TAOISEACH Brian Cowen has appealed to his grumbling backbenchers for loyalty while conceding he got things wrong as leader of Fianna Fáil.
Faced with angry protests from farmers and the prospect of his Government falling apart as it tries to push through its most difficult budget, he said with the support of his parliamentary party he was “up for the challenge”.
In the keynote speech at the party’s annual think-in, Mr Cowen said he had to perform better but asked his colleagues to give him time to justify his election as leader. He told the gathering, on the banks of Lough Ree, they had just come through the worst of the crisis.
“In May of last year, you elected me Uachtarán Fhianna Fáil. And you supported my nomination as Taoiseach. Since then, we have weathered the toughest storm to hit our country since Independence.
“This party has been tested and I have been tested – tested hard.
“I want to be honest with you. I know I have not got everything right. No leader ever does. I know I need to do better and I am determined to justify to the last ounce the great confidence this party has reposed in me,” he said.
But Mr Cowen said his party and the wider public needed to “get real” on the decisions it will have to take in the months ahead.
And if they do, he said the country’s fortunes could be turned around during the lifetime of the Government.

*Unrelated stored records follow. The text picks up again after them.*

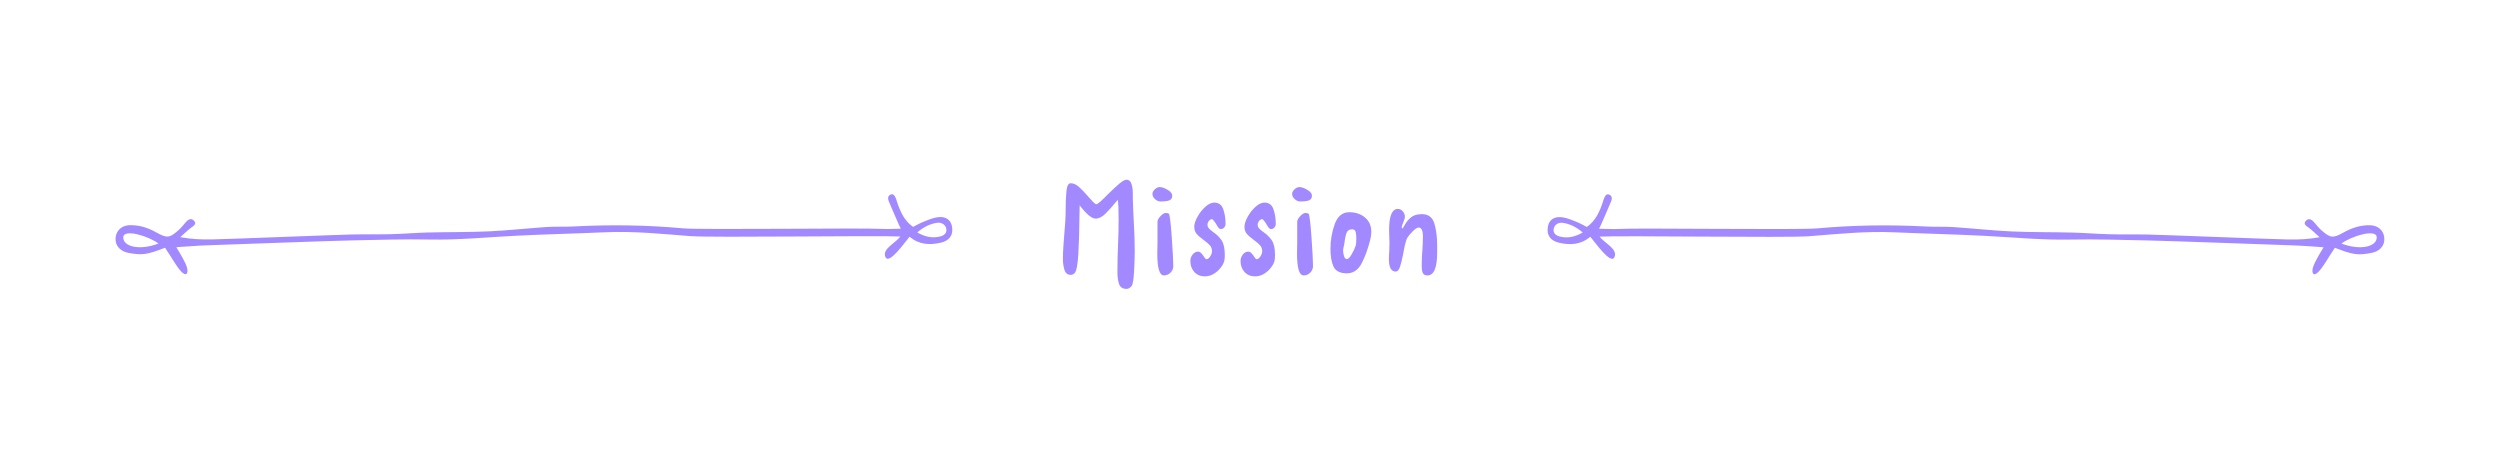 <?xml version="1.0" encoding="UTF-8"?>
<svg id="_圖層_1" data-name="圖層 1" xmlns="http://www.w3.org/2000/svg" viewBox="0 0 878.36 164.63">
  <defs>
    <style>
      .cls-1 {
        fill: #a289ff;
      }
    </style>
  </defs>
  <g>
    <path class="cls-1" d="M398.44,95.51c-.16,2.76-.44,4.41-.85,4.96-.55.68-1.14,1.03-1.78,1.03-1.37,0-2.25-.57-2.63-1.71-.39-1.14-.58-2.55-.58-4.24,0-2.05.02-3.85.07-5.4.04-1.55.09-2.85.14-3.9.14-3.1.21-6.17.21-9.23s-.09-5.33-.27-6.84c-1.69,2.05-3.12,3.67-4.31,4.85s-2.35,1.78-3.49,1.78c-1.37,0-3.24-1.55-5.61-4.65l-.07,3.28c-.05,5.38-.18,10-.41,13.88-.23,3.87-.68,6.11-1.37,6.7-.37.37-.8.55-1.3.55-1.09,0-1.82-.58-2.19-1.74-.37-1.16-.55-2.43-.55-3.79,0-1.59.07-3.3.21-5.13.14-1.82.23-3.01.27-3.55.32-3.37.48-6.27.48-8.68s.09-4.57.27-6.46c.18-1.89.68-2.84,1.5-2.84.96,0,1.92.43,2.91,1.3.98.87,2.13,2.07,3.45,3.62.55.64,1.07,1.21,1.57,1.71.5.5.87.75,1.09.75s.72-.33,1.47-.99c.75-.66,1.54-1.42,2.36-2.29,1.82-1.78,3.26-3.11,4.31-4,1.05-.89,1.87-1.33,2.46-1.33.82,0,1.39.47,1.71,1.4.32.93.48,1.93.48,2.97,0,1.73.04,3.68.14,5.84.09,2.17.16,3.66.21,4.48.23,3.87.34,7.34.34,10.39,0,2.1-.08,4.52-.24,7.28Z"/>
    <path class="cls-1" d="M410.71,70.45c-.78.23-1.75.34-2.94.34-.68,0-1.33-.27-1.95-.82s-.92-1.16-.92-1.85c0-.55.28-1.08.85-1.61.57-.52,1.13-.79,1.67-.79.77,0,1.71.32,2.8.96,1.09.64,1.64,1.32,1.64,2.05,0,.91-.39,1.48-1.16,1.71ZM411.25,95.78c-.64.66-1.41.99-2.32.99-1.55,0-2.32-2.57-2.32-7.72l.07-3.62v-7.52c0-.55.34-1.2,1.03-1.95s1.3-1.13,1.85-1.13c.5,0,.87.09,1.09.27.32.23.66,2.92,1.03,8.07.36,5.15.55,8.59.55,10.32,0,.87-.32,1.63-.96,2.29Z"/>
    <path class="cls-1" d="M424.65,80.16c.27.32.77.75,1.5,1.3,1.28.87,2.29,1.86,3.04,2.97.75,1.12,1.13,2.79,1.13,5.02,0,.73-.03,1.33-.1,1.81s-.22.95-.44,1.4c-.64,1.23-1.54,2.28-2.7,3.14-1.16.87-2.4,1.3-3.73,1.3-1.55,0-2.79-.51-3.73-1.54-.93-1.03-1.4-2.31-1.4-3.86,0-.82.26-1.57.79-2.26.52-.68,1.17-1.03,1.95-1.03.36,0,.71.16,1.03.48.32.32.66.76,1.03,1.33.36.57.64.85.82.85.5,0,.96-.33,1.37-.99.41-.66.62-1.26.62-1.81,0-.82-.24-1.5-.72-2.05s-1.22-1.18-2.22-1.91c-1.14-.82-1.97-1.55-2.5-2.19-.52-.64-.79-1.46-.79-2.46s.38-2.12,1.13-3.49,1.67-2.54,2.77-3.52c1.09-.98,2.14-1.47,3.14-1.47,1.55,0,2.6.78,3.14,2.32.55,1.55.82,3.28.82,5.2,0,.46-.16.87-.48,1.23-.32.37-.71.55-1.16.55-.32,0-.6-.16-.85-.48-.25-.32-.56-.8-.92-1.44-.09-.14-.24-.35-.44-.65-.21-.3-.39-.52-.55-.68-.16-.16-.31-.24-.44-.24-.18,0-.39.09-.62.27-.23.18-.37.3-.41.34-.05.09-.14.26-.27.51-.14.25-.21.51-.21.79,0,.5.14.91.41,1.23Z"/>
    <path class="cls-1" d="M442.29,80.16c.27.32.77.75,1.5,1.3,1.28.87,2.29,1.86,3.04,2.97.75,1.12,1.13,2.79,1.13,5.02,0,.73-.03,1.33-.1,1.81s-.22.95-.44,1.4c-.64,1.23-1.54,2.28-2.7,3.14-1.16.87-2.4,1.3-3.73,1.3-1.55,0-2.79-.51-3.73-1.54-.93-1.03-1.4-2.31-1.4-3.86,0-.82.26-1.57.79-2.26.52-.68,1.17-1.03,1.95-1.03.36,0,.71.16,1.03.48.32.32.66.76,1.03,1.33.36.57.64.85.82.85.5,0,.96-.33,1.37-.99.41-.66.62-1.26.62-1.81,0-.82-.24-1.5-.72-2.05s-1.22-1.18-2.22-1.91c-1.14-.82-1.97-1.55-2.5-2.19-.52-.64-.79-1.46-.79-2.46s.38-2.12,1.13-3.49,1.67-2.54,2.77-3.52c1.09-.98,2.14-1.47,3.14-1.47,1.55,0,2.6.78,3.14,2.32.55,1.55.82,3.28.82,5.2,0,.46-.16.87-.48,1.23-.32.37-.71.55-1.16.55-.32,0-.6-.16-.85-.48-.25-.32-.56-.8-.92-1.44-.09-.14-.24-.35-.44-.65-.21-.3-.39-.52-.55-.68-.16-.16-.31-.24-.44-.24-.18,0-.39.09-.62.27-.23.18-.37.3-.41.34-.05.09-.14.26-.27.51-.14.25-.21.51-.21.79,0,.5.14.91.41,1.23Z"/>
    <path class="cls-1" d="M459.79,70.45c-.78.23-1.75.34-2.94.34-.68,0-1.33-.27-1.95-.82s-.92-1.16-.92-1.85c0-.55.28-1.08.85-1.61.57-.52,1.13-.79,1.67-.79.77,0,1.71.32,2.8.96,1.09.64,1.64,1.32,1.64,2.05,0,.91-.39,1.48-1.16,1.71ZM460.34,95.78c-.64.66-1.41.99-2.32.99-1.55,0-2.32-2.57-2.32-7.72l.07-3.62v-7.52c0-.55.34-1.2,1.03-1.95s1.3-1.13,1.85-1.13c.5,0,.87.09,1.09.27.32.23.66,2.92,1.03,8.07.36,5.15.55,8.59.55,10.32,0,.87-.32,1.63-.96,2.29Z"/>
    <path class="cls-1" d="M468.54,93.7c-.73-1.55-1.09-3.65-1.09-6.29,0-3.01.5-5.9,1.5-8.68,1-2.78,2.71-4.17,5.13-4.17,2.19,0,4.02.62,5.5,1.85,1.48,1.23,2.22,2.92,2.22,5.06,0,.82-.11,1.69-.34,2.6-.78,3.19-1.78,5.98-3.01,8.37s-2.99,3.59-5.26,3.59-3.92-.77-4.65-2.32ZM474.9,89.35c.64-1.12,1.09-2.08,1.37-2.91.18-.55.27-1.41.27-2.6,0-.91-.08-1.69-.24-2.32-.16-.64-.56-.96-1.2-.96-1.05,0-1.73.47-2.05,1.4-.32.93-.57,2.18-.75,3.73-.05.32-.13.71-.24,1.16-.11.46-.17.84-.17,1.16,0,.59.1,1.24.31,1.95.21.71.54,1.06.99,1.06.5,0,1.07-.56,1.71-1.67Z"/>
    <path class="cls-1" d="M499.85,95.85c-.23-.62-.34-1.42-.34-2.43,0-1.14.02-2.14.07-3.01.04-.87.09-1.59.14-2.19.14-1.73.21-3.44.21-5.13,0-2.1-.5-3.14-1.5-3.14-.5,0-1.19.43-2.05,1.3s-1.48,1.6-1.85,2.19c-.32.5-.6,1.29-.85,2.36-.25,1.07-.47,2.15-.65,3.25-.41,2.1-.8,3.68-1.16,4.75-.37,1.07-.87,1.61-1.5,1.61-1.6,0-2.39-1.46-2.39-4.38,0-.64.04-1.64.14-3.01l.07-2.94c0-.41-.02-.97-.07-1.67-.05-.71-.07-1.56-.07-2.56,0-4.97,1.03-7.45,3.08-7.45.68,0,1.26.29,1.74.85.48.57.72,1.2.72,1.88,0,.5-.18,1.16-.55,1.98-.37.82-.55,1.44-.55,1.85l.14.34c.18-.04.54-.55,1.06-1.5.52-.96,1.24-1.79,2.15-2.5.91-.71,2.16-1.06,3.76-1.06,2.19,0,3.62,1.05,4.31,3.14.68,2.1,1.03,4.72,1.03,7.86v2.46c0,5.38-1.14,8.07-3.42,8.07-.87,0-1.41-.31-1.64-.92Z"/>
  </g>
  <g>
    <path class="cls-1" d="M562.01,83.12c1.7,2.34,6.49,4.32,5.22,7.22-1.27,2.89-7.09-5.64-8.48-7.15-3.33,2.81-7.03,3-10.95,2.1-3.01-.69-4.45-2.6-3.98-5.54.42-2.63,2.38-3.92,5.49-3.34,1.59.3,3.12.95,4.63,1.56,1.18.47,2.29,1.12,3.58,1.77,3.16-2.21,4.56-5.49,5.69-8.94.07-.21.63-2.72,1.83-2.51,1.37.24,1.45,1.4,1.01,2.47-1.15,2.8-2.39,5.56-3.6,8.33-.13.29-.28.57-.63,1.28,2.53.03,4.79.19,7.02.06,6.52-.39,63.08.41,69.59-.19,12.8-1.16,25.61-1.34,38.44-.65,3.13.17,6.28-.01,9.41.19,6.73.44,13.45,1.21,20.18,1.52,7.21.33,14.45.23,21.67.41,4.3.11,8.6.48,12.9.59,4.53.12,9.06,0,13.59.1,6.42.14,42.86,1.62,49.28,1.74,3.58.07,7.16-.07,11.08-.8-1.23-1.1-2.4-2.27-3.71-3.26-.96-.73-2.28-1.38-1-2.61,1.06-1.02,2.13-.16,2.96.82.75.89,1.49,1.8,2.35,2.57,3.14,2.78,4.06,2.94,7.77.85,2.93-1.65,5.98-2.65,9.34-2.57,3.22.07,5.28,2.36,5.01,5.42-.19,2.15-1.91,3.81-4.43,4.29-4.81.92-6.6.68-12.92-1.79-1.98,2.84-4.42,7.39-6.16,8.8-1.73,1.41-1.95-.49-1.56-1.83.35-1.2.99-2.33,1.58-3.45.57-1.09,1.24-2.13,2.17-3.71-3.99-.25-7.35-.55-10.72-.66-7.2-.24-44.44-1.62-51.65-1.75-8.85-.16-17.71-.48-26.55-.29-10.07.21-20.06-.8-30.09-1.31-10.6-.54-21.21-.77-31.81-1.24-10.05-.45-20.02.59-30.02,1.38-7.77.61-65.61-.3-73.56.14ZM822.67,85.58c6.86,2.56,12.41,1.01,12.38-2.18-.03-3.19-9.05-.4-12.38,2.18ZM556.07,81.68c-2.2-1.89-4.42-3.01-6.98-3.39-1.53-.23-2.94.66-3.2,2.02-.3,1.58.71,2.41,2.03,2.77,2.8.75,5.41.18,8.14-1.39Z"/>
    <path class="cls-1" d="M242.79,82.98c-9.99-.78-19.96-1.82-30.02-1.38-10.6.47-21.22.71-31.81,1.24-10.03.51-20.02,1.52-30.09,1.31-8.84-.18-17.7.13-26.55.29-7.21.13-44.45,1.51-51.65,1.75-3.37.11-6.73.41-10.72.66.93,1.58,1.6,2.62,2.17,3.71.59,1.12,1.24,2.25,1.58,3.45.39,1.34.17,3.25-1.56,1.83-1.73-1.41-4.17-5.97-6.16-8.8-6.33,2.47-8.11,2.7-12.92,1.79-2.52-.48-4.24-2.15-4.43-4.29-.27-3.06,1.79-5.35,5.01-5.42,3.35-.08,6.41.92,9.34,2.57,3.72,2.09,4.64,1.93,7.77-.85.86-.77,1.61-1.68,2.35-2.57.82-.98,1.9-1.84,2.96-.82,1.29,1.23-.04,1.88-1,2.61-1.31.99-2.48,2.17-3.71,3.26,3.92.72,7.5.87,11.08.8,6.42-.12,42.86-1.6,49.28-1.74,4.53-.1,9.06.01,13.59-.1,4.3-.11,8.6-.48,12.9-.59,7.22-.18,14.46-.08,21.67-.41,6.74-.31,13.45-1.07,20.18-1.52,3.13-.21,6.28-.02,9.41-.19,12.83-.69,25.64-.52,38.44.65,6.5.59,63.07-.2,69.59.19,2.24.13,4.49-.03,7.02-.06-.35-.71-.5-.99-.63-1.28-1.21-2.77-2.45-5.54-3.6-8.33-.44-1.07-.36-2.23,1.01-2.47,1.2-.21,1.76,2.3,1.83,2.51,1.13,3.45,2.54,6.73,5.69,8.94,1.29-.65,2.4-1.3,3.58-1.77,1.51-.61,3.04-1.26,4.63-1.56,3.11-.58,5.07.71,5.49,3.34.47,2.94-.97,4.85-3.98,5.54-3.92.9-7.62.71-10.95-2.1-1.39,1.52-7.21,10.05-8.48,7.15-1.27-2.89,3.52-4.87,5.22-7.22-7.95-.44-65.79.47-73.56-.14ZM43.3,83.4c-.03,3.19,5.52,4.75,12.38,2.18-3.33-2.59-12.35-5.37-12.38-2.18ZM330.43,83.06c1.33-.35,2.34-1.19,2.03-2.77-.26-1.35-1.67-2.25-3.2-2.02-2.56.38-4.78,1.51-6.98,3.39,2.73,1.57,5.34,2.14,8.14,1.39Z"/>
  </g>
</svg>

After the bulk of yesterday’s party debates were over, Finance Minister Brian Lenihan said there had been discussion among the TDs and senators about the cuts he would have to announce in the budget.
However, he said the thrust of contributions were focused on ensuring public agencies delivered better value for money for the budgets they are allocated.
And he denied the Green Party had got more concessions on key legislative measures than his own party. Backbenchers had also been listened to, he said, but had not been as inclined to announce the changes as the junior coalition partner was last week.
Today he will brief the backbenchers on the NAMA legislation which he will bring to the Dáil tomorrow.
Yesterday’s events at the Hodson Bay Hotel began with a heated protest by more than 200 farmers who burst through security barriers as Mr Lenihan arrived in his ministerial car.
Some farmers were wrestled to the ground but backed off when batons were raised.
The Irish Farmers’ Association’s rural development chairmen Tom Turley said the protesters had not travelled to Roscommon to become violent.
“We got knocked down but we got up again and we me made our point here this morning,” Mr Turley told a rally outside the hotel.
Dozens of uniformed and pubic order gardaí had been deployed. And the hotel was cordoned off with two check-points between it and the the main road.
Superintendent Aidan Glacken said the security presence would remain in place for the three days the parliamentary party was gathered at Hodson Bay.
He said the incident with the farmers was “slightly unsavory” but sufficient resources had been allocated to protect people’s right to protest while keeping the Fianna Fáil politicians safe.
The Hodson Bay Hotel was locked-down following the protests. A small but structured demonstration by Athlone IT students against third-level fees was kept in the coach park in the afternoon.
They brought 600 signed emigration forms to indicate their willingness to leave the country rather than pay for a third-level education.
Two representatives were invited in to meet Education Minister Batt O’Keeffe and were told he had brought five fees’ proposals to cabinet but had yet to make a decision on the preferred option.